5月から8月まで継続して成長観察したデータを表計算ソフト(エクセル)でグラフ化してみると,猛暑による成長の鈍りやその後の雨による成長の早さもグラフ上で発見することができた
|
図4
ホームページ |
(3) ホームページ(図4)
子供たちの柔軟な活動を保証していったことによって当初の活動計画と大きく変わり,活動が多岐にわたった。途中子供たちの活動を整理しようと「コーン新聞」を作成し,参加校全てに送った。しかし,これは情報の共有という点では弱かった。そこで,参加校だけでなく,保護者や地域の人,さらに他の学校でも試みてほしいとホームページを作成することになった。ホームページをどのようなレイアウトでまとめるかの話し合いでは,自分たちの活動を自然と振り返ることができ,「コーンを使った学習」「他校との交流」「外国人との交流」と3つの内容に分け,作成することができた。
|
図5 NetMeetingによる同時授業 |
(4) 同時会議システム(図5)
直接交流に勝る交流はないと2校と4回の直接交流を行った。しかし,地理的条件で行きたくても行けない学校があった。そこで,同時会議システム(NetMeeting
3.0)で画面を通しての交流となった。子供たちはそれまでに多くの学校紹介や地域紹介,成長の感想発表等を十分経験してきたので,同時会議では今までとは違う交流方法はないものかと考えるようになった。それが「コーンプロジェクトクイズ大会」であった。互いに活動を振り返った問題を出し合い,答えと解説をしていく形式であったが,コーンプロジェクトで子供たちが何にこだわっていたのかが教師も把握することができた。
以下,子供の感想と参観された教師の感想である。
子供の感想
「鳥海小とのネットミーティング」4年女子
クイズ大会では,一問終わるたびにドキドキしました。鳥海小の問題はとても難しかったです。でも,15問中10問正解したのでうれしかったです。
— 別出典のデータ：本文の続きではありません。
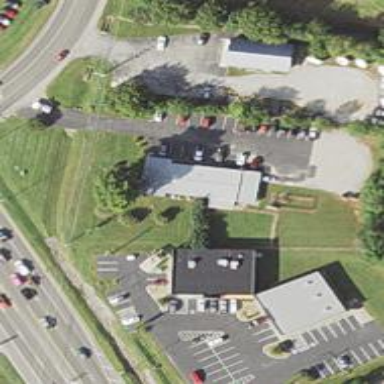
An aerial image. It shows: Veterinary facility.
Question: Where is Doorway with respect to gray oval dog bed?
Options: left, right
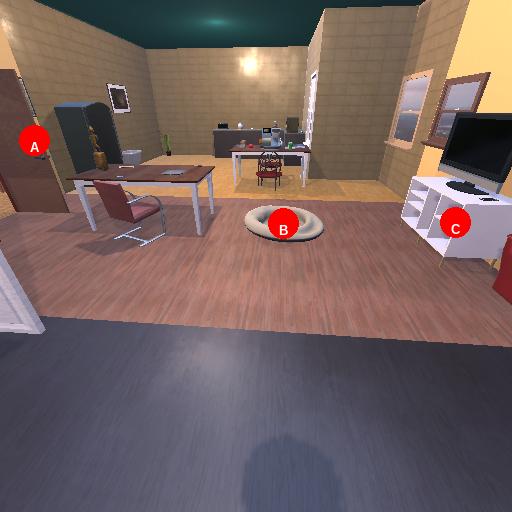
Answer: left
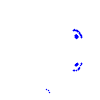
Particle: pion
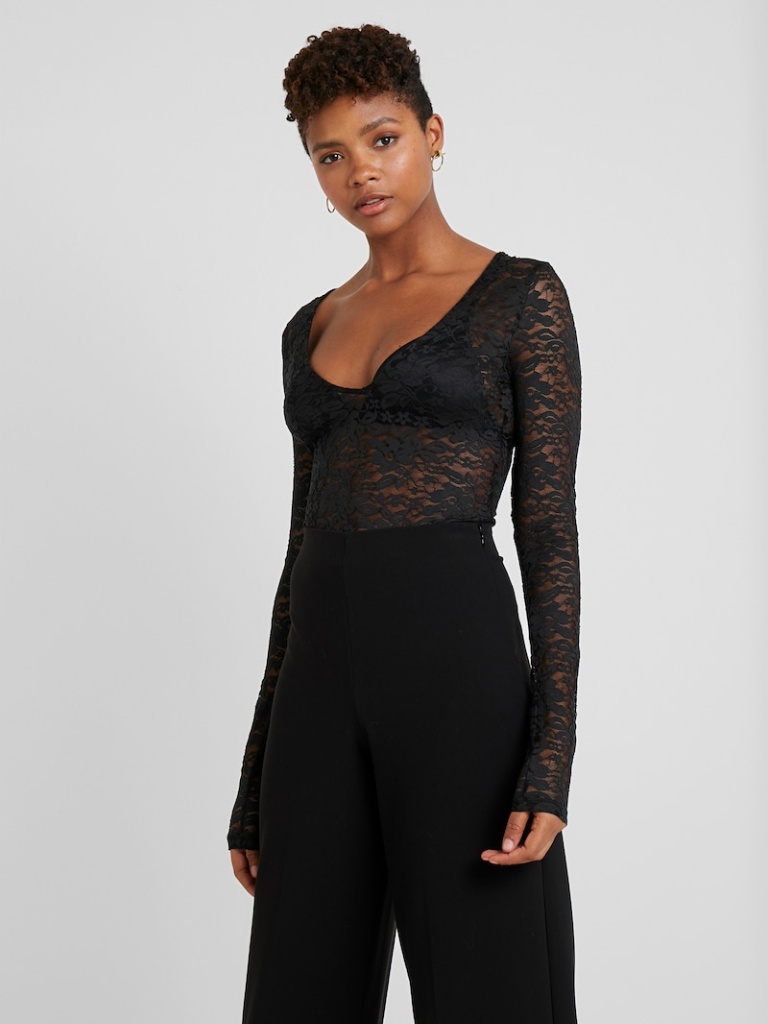
lace tight a long-sleeved with the sleeves down bodysuit length Fully Tucked in v-neck bodysuit
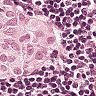
Metastatic tissue present: yes
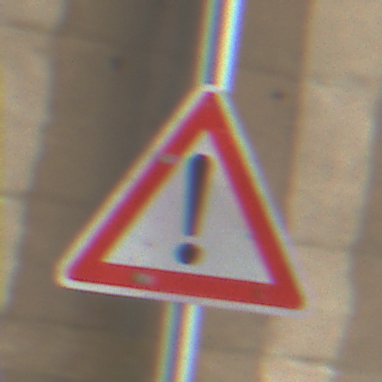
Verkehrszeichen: Gefahrenstelle
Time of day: Midday
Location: Roofed (Beach)
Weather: Overcast
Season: NotSpecified
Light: Natural
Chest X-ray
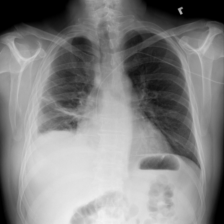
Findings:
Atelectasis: negative
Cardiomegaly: negative
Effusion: negative
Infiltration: negative
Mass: negative
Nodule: negative
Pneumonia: negative
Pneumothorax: negative
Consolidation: negative
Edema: negative
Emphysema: negative
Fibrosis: negative
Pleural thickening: positive
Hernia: negative

ネットミーティングで見たむらさきトウモロコシがおいしそうだったので,一度食べてみたいです。そして,木酢液も飲んでみたいです。インターネットでたくさんの人と友達になれるのでとても楽しいです。いつか本当に会えたらいいなと思っています。
参観者の感想
・最新の情報交換の様子を見せていただき工夫次第でいろいろな活動ができると感じました。18か校に種を送り,活動しており,いろいろ交流をされていると思います。人と人とのふれあいの中から生きる力を身につけさせていきたいのかなあと感じました。
・リアルタイムで画像・音声でやりとりできることはすばらしい迫力がある。コンピュータの利用方法としての具体的な事例を提案いただいた。
4 成果と課題
複数校との共同学習であったので,他校が同時に見られるコーンプロジェクト掲示板は連絡手段として,また,活動を振り返る場としてとても有効であった。はじめは学校単位での交流という意識が子供たちにあったが,次第にグループ同士,最後は個人間の交流へと発展していった。継続し発展しながら交流できたのは,それだけ,コーンプロジェクトの中に子供たちがこだわりを見つけて活動していたともいえる。
日頃から,メールや掲示板で交流があったため,森町小学校や上下浜小学校との直接交流会では,すぐに仲良くなり一緒に活動することができた。また,相手に自分たちの学校や地域を分かってもらいたいと思う気持ちから,学校紹介や地域紹介では発表方法,態度にも工夫している様子が見られた。
遠く離れた学校との交流手段はインターネットによるところが大きい。できれば,常時使用できるTV会議環境がほしい。様々な設定をその都度変える煩雑さが教師にとっては負担だからである。また,ケーブル回線またはISDN回線がどこの学校にも導入されれば,もっと気軽にリアルな映像を見ながらの交流ができる。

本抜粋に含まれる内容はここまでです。